2013 Iran MO (3rd Round), 4
Prime $p=n^2 +1$ is given. Find the sets of solutions to the below equation:
\[x^2 - (n^2 +1)y^2 = n^2.\]
(25 points)
2009 IMC, 4
Let $p$ be a prime number and $\mathbf{W}\subseteq \mathbb{F}_p[x]$ be the smallest set satisfying the following :
[list]
(a) $x+1\in \mathbf{W}$ and $x^{p-2}+x^{p-3}+\cdots +x^2+2x+1\in \mathbf{W}$
(b) For $\gamma_1,\gamma_2$ in $\mathbf{W}$, we also have $\gamma(x)\in \mathbf{W}$, where $\gamma(x)$ is the remainder $(\gamma_1\circ \gamma_2)(x)\pmod {x^p-x}$.[/list]

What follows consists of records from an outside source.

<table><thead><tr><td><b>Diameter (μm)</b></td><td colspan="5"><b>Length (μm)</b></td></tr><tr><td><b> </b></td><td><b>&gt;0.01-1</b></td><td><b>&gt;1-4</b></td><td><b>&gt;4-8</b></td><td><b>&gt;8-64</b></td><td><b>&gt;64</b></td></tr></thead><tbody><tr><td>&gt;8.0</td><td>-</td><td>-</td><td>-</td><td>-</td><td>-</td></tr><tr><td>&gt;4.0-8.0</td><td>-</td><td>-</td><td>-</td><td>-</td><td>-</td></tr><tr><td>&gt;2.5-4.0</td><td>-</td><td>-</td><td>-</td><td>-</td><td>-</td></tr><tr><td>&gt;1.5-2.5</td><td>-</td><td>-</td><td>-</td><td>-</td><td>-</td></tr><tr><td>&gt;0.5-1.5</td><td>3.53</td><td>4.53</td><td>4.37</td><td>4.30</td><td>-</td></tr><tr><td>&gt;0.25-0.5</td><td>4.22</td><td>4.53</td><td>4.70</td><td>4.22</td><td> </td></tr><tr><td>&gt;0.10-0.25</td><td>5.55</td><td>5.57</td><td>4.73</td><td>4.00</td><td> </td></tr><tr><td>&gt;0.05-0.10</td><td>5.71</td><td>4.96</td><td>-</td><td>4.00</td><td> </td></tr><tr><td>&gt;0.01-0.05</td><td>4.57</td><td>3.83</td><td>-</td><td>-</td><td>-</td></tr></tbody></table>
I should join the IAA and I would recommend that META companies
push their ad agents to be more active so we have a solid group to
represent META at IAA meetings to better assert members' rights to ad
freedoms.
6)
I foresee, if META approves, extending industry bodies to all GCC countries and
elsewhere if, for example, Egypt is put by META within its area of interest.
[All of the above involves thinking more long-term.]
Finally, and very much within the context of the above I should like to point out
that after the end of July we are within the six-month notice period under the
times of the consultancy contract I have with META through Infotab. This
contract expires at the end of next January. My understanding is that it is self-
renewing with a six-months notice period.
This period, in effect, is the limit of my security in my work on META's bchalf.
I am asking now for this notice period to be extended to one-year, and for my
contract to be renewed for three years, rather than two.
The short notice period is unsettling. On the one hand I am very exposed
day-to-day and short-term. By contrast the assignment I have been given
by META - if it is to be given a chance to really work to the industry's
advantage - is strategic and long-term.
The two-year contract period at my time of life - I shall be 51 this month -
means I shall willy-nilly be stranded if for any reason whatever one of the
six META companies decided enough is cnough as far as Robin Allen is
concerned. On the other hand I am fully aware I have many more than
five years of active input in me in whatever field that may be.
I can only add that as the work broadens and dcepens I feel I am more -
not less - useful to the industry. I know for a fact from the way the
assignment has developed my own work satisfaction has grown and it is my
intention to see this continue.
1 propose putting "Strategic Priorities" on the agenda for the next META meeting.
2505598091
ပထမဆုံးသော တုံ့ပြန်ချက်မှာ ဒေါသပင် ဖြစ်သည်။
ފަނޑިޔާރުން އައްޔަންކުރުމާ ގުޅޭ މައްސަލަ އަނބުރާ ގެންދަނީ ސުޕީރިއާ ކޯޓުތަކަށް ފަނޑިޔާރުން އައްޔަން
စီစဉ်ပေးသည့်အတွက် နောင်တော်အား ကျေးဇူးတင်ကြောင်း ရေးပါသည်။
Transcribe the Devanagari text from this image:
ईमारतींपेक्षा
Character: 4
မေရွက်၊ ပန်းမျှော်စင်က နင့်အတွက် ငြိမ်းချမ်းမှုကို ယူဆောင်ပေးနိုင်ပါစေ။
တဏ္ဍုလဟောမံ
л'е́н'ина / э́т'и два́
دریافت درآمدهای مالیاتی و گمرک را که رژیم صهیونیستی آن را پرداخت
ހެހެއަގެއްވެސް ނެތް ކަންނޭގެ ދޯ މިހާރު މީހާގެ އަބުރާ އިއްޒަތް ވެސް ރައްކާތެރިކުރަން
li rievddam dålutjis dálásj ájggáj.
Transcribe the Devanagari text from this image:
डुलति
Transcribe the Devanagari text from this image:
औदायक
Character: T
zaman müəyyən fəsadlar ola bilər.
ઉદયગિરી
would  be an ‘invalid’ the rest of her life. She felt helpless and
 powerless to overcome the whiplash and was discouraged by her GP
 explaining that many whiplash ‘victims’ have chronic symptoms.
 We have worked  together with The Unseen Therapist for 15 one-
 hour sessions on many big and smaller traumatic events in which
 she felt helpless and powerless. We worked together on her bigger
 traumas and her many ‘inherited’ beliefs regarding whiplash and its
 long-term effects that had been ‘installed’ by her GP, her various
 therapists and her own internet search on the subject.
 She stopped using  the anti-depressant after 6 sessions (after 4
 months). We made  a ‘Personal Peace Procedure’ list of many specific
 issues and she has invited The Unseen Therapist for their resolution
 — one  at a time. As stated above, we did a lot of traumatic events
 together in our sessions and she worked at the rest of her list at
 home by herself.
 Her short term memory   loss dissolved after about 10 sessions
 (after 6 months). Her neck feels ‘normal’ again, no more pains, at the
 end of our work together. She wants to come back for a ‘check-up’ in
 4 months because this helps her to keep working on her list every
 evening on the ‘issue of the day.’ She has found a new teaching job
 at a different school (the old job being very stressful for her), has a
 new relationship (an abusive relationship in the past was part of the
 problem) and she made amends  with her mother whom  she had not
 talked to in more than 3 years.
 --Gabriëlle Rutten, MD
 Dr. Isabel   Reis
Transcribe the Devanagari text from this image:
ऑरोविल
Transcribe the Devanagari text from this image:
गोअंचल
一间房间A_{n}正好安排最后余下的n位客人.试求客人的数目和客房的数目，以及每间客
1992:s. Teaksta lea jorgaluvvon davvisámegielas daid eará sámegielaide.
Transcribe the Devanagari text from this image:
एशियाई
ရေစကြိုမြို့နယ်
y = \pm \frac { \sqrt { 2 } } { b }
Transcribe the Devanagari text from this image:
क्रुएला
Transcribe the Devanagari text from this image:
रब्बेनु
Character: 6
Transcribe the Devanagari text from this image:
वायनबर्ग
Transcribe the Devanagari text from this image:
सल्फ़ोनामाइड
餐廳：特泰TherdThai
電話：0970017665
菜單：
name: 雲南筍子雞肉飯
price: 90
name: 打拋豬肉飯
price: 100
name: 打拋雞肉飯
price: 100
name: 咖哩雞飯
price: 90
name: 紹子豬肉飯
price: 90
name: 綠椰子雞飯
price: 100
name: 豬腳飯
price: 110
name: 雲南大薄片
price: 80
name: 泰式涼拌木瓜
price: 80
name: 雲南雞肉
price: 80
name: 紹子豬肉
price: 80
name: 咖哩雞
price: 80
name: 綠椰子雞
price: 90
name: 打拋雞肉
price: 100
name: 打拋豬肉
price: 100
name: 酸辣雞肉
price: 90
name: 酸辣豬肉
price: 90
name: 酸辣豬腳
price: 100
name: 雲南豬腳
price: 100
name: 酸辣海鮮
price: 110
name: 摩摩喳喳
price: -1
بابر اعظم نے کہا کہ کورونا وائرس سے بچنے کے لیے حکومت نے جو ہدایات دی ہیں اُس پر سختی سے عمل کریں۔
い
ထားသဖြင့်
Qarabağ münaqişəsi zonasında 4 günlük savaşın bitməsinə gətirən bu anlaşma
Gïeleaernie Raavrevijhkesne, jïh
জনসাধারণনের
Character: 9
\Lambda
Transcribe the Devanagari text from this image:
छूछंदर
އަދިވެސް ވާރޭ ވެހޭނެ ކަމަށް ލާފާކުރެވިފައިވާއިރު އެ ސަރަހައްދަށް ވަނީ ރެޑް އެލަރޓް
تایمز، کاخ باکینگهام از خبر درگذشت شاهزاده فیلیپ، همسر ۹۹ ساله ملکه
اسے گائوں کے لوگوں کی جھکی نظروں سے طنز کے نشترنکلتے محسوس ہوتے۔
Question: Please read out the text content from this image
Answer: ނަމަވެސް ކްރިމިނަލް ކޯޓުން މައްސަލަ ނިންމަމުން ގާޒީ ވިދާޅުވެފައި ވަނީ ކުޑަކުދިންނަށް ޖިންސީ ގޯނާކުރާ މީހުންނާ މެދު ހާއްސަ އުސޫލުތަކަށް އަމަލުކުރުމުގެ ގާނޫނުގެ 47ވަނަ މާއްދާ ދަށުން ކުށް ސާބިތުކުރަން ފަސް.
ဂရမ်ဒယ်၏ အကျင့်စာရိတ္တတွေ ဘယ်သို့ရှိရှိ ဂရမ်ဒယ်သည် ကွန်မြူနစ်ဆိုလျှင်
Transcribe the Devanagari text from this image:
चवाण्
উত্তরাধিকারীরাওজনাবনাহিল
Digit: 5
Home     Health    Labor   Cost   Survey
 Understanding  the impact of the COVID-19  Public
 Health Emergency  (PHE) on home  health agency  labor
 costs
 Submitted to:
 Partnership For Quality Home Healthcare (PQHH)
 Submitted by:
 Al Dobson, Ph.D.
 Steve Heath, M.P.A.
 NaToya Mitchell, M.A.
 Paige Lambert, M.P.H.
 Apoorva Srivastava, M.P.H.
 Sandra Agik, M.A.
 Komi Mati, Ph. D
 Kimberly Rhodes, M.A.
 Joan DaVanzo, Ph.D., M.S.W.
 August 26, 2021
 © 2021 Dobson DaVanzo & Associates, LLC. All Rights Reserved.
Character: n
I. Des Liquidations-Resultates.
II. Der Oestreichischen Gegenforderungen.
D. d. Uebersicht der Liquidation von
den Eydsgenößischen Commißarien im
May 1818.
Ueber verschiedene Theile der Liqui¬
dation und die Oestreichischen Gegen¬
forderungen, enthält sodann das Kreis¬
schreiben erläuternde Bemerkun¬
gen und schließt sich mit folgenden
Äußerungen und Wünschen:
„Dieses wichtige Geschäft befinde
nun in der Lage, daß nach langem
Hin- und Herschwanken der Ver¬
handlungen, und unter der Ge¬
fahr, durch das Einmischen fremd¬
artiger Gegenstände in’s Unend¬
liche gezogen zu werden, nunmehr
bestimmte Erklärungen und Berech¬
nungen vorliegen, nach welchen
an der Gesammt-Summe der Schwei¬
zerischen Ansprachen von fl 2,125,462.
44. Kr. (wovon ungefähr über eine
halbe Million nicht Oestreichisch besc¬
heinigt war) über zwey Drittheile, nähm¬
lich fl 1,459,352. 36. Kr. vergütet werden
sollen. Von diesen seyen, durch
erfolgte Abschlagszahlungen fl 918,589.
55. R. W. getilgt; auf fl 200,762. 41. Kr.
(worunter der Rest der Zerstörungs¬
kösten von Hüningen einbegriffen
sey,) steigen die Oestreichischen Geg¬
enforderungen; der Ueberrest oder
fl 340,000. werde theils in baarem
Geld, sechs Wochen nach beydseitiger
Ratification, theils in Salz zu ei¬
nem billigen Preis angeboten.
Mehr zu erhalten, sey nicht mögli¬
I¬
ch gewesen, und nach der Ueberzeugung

How many polynomials are in $\mathbf{W}?$
2011 Postal Coaching, 1
Prove that, for any positive integer $n$, there exists a polynomial $p(x)$ of degree at most $n$ whose coefficients are all integers such that, $p(k)$ is divisible by $2^n$ for every even integer $k$, and $p(k) -1$ is divisible by $2^n$ for every odd integer $k$.
VI Soros Olympiad 1999 - 2000 (Russia), 11.6
Let $P(x)$ be a polynomial with integer coefficients. It is known that the number $\sqrt2+\sqrt3$ is its root. Prove that the number $\sqrt2-\sqrt3$ is also its root.
2006 Polish MO Finals, 3
Find all pairs of integers $a,b$ for which there exists a polynomial $P(x) \in \mathbb{Z}[X]$ such that product $(x^2+ax+b)\cdot P(x)$ is a polynomial of a form \[ x^n+c_{n-1}x^{n-1}+\cdots+c_1x+c_0 \] where each of $c_0,c_1,\ldots,c_{n-1}$ is equal to $1$ or $-1$.
1978 Putnam, B5
Find the largest $a$ for which there exists a polynomial
$$P(x) =a x^4 +bx^3 +cx^2 +dx +e$$
with real coefficients which satisfies $0\leq P(x) \leq 1$ for $-1 \leq x \leq 1.$
1993 Romania Team Selection Test, 2
For coprime integers $m > n > 1$ consider the polynomials $f(x) = x^{m+n} -x^{m+1} -x+1$ and $g(x) = x^{m+n} +x^{n+1} -x+1$. If $f$ and $g$ have a common divisor of degree greater than $1$, find this divisor.
2018 Brazil Team Selection Test, 5
Prove: there are polynomials $S_1, S_2, \ldots$ in the variables $x_1, x_2, \ldots,y_1, y_2,\ldots$ with integer coefficients satisfying, for every integer $n \ge 1$, $$\sum_{d \mid n} d \cdot S_d ^{n/d}=\sum_{d \mid n} d \cdot (x_d ^{n/d}+y_d ^{n/d}) \quad (*)$$
Here, the sums run through the positive divisors $d$ of $n$.
For example, the first two polynomials are $S_1 = x_1 + y_1$ and $S_2 = x_2 + y_2 - x_1y_1$, which verify identity
$(*)$ for $n = 2$: $S_1^2 + 2S_2 = (x_1^2 + y_1^2) + 2 \cdot(x_2 + y_2)$.